*WORK ORDER*:
Leave every picture behind and copy the rest of the entries below exactly.

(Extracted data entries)
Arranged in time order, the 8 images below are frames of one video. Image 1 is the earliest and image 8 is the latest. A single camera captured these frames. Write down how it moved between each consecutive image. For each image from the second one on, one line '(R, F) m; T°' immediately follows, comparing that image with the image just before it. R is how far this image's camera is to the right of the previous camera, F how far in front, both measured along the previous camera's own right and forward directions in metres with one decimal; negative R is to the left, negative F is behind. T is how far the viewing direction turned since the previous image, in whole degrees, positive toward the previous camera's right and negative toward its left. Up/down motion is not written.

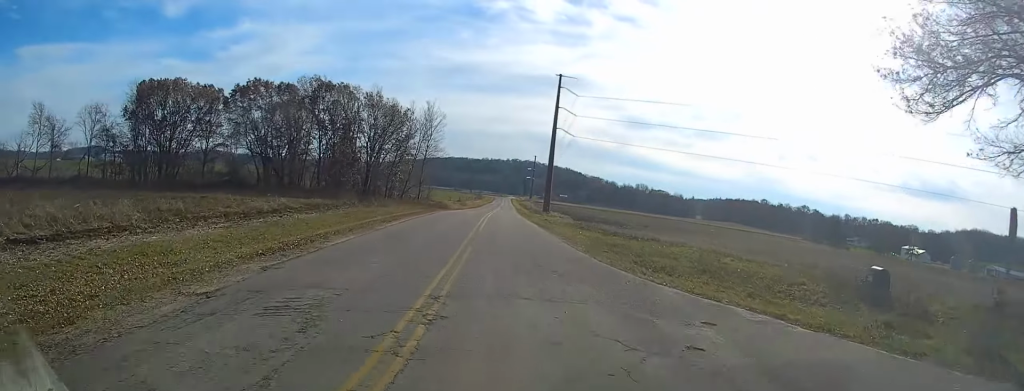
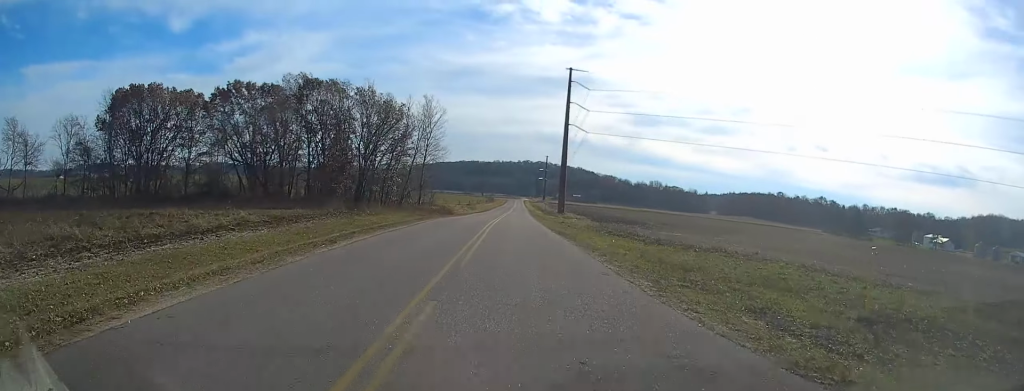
(-0.2, +10.9) m; -1°
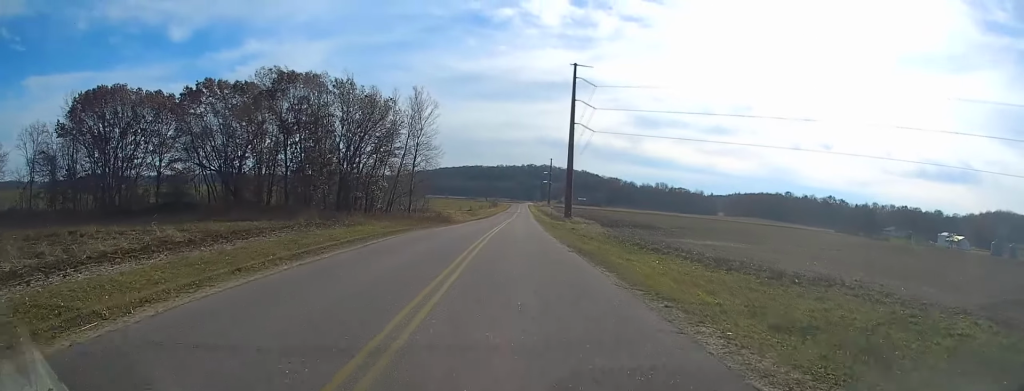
(-0.2, +11.0) m; -1°
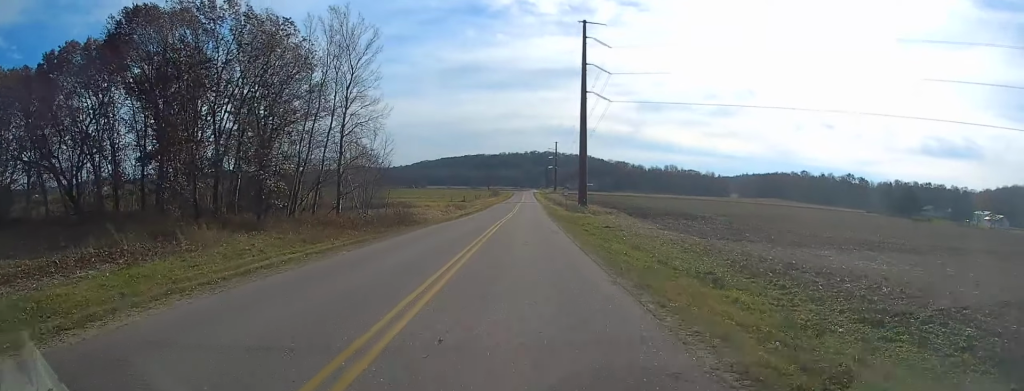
(-0.1, +31.8) m; -1°
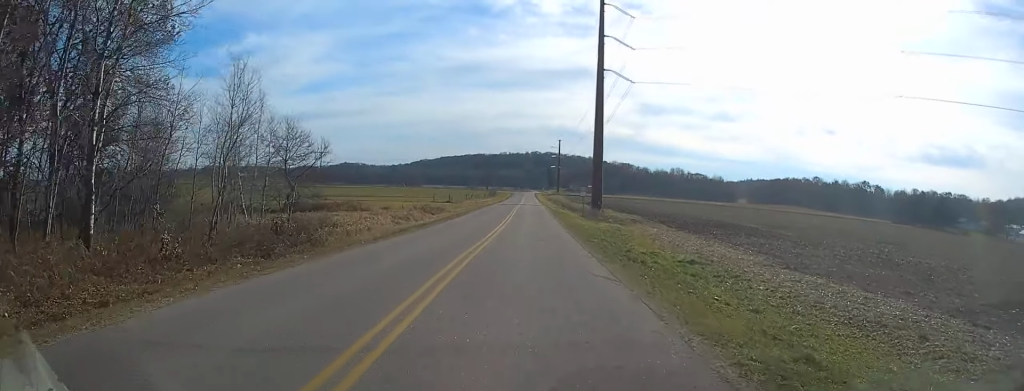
(-0.8, +28.8) m; -1°
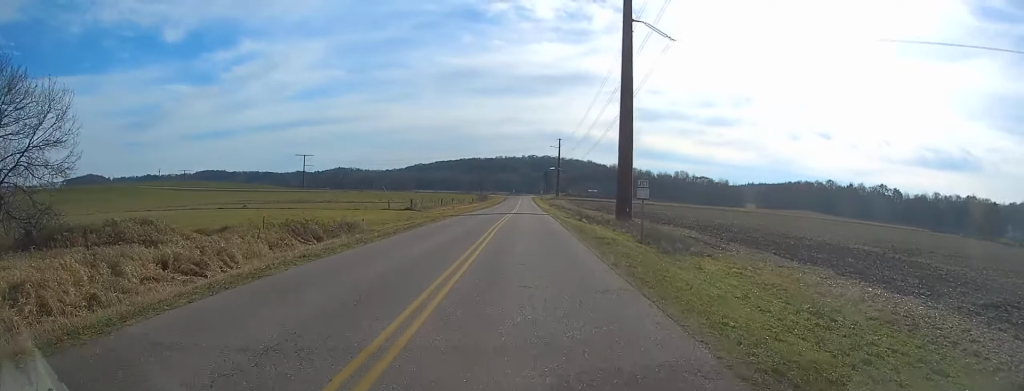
(+1.2, +36.9) m; +2°
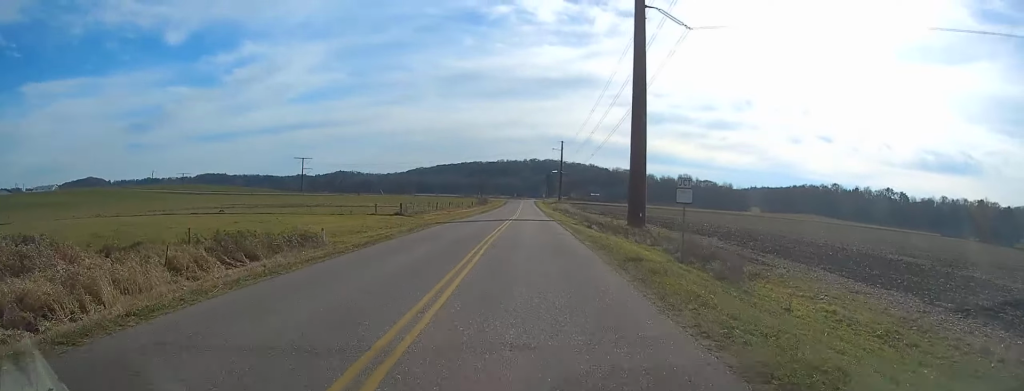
(0.0, +8.2) m; 0°
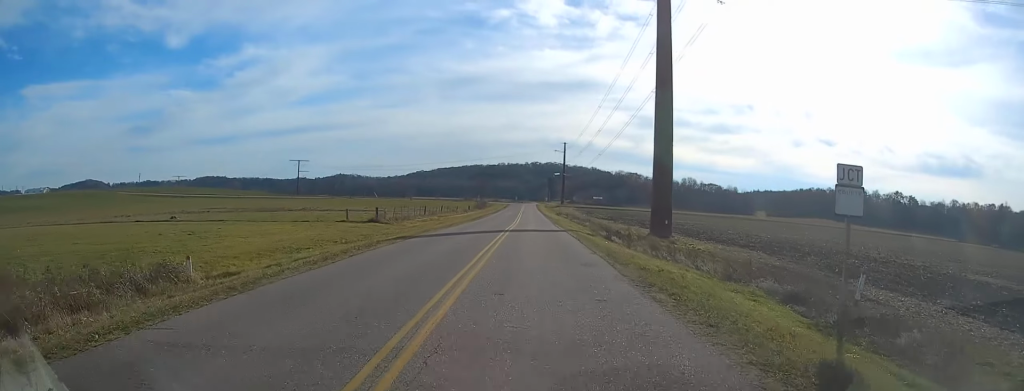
(0.0, +12.9) m; 0°

*ANSWER TO THIS EXERCISE*:
Arranged in time order, the 8 images below are frames of one video. Image 1 is the earliest and image 8 is the latest. A single camera captured these frames. Write down how it moved between each consecutive image. For each image from the second one on, one line '(R, F) m; T°' immediately follows, comparing that image with the image just before it. R is how far this image's camera is to the right of the previous camera, F how far in front, both measured along the previous camera's own right and forward directions in metres with one decimal; negative R is to the left, negative F is behind. T is how far the viewing direction turned since the previous image, in whole degrees, positive toward the previous camera's right and negative toward its left. Up/down motion is not written.

(-0.2, +10.9) m; -1°
(-0.2, +11.0) m; -1°
(-0.1, +31.8) m; -1°
(-0.8, +28.8) m; -1°
(+1.2, +36.9) m; +2°
(0.0, +8.2) m; 0°
(0.0, +12.9) m; 0°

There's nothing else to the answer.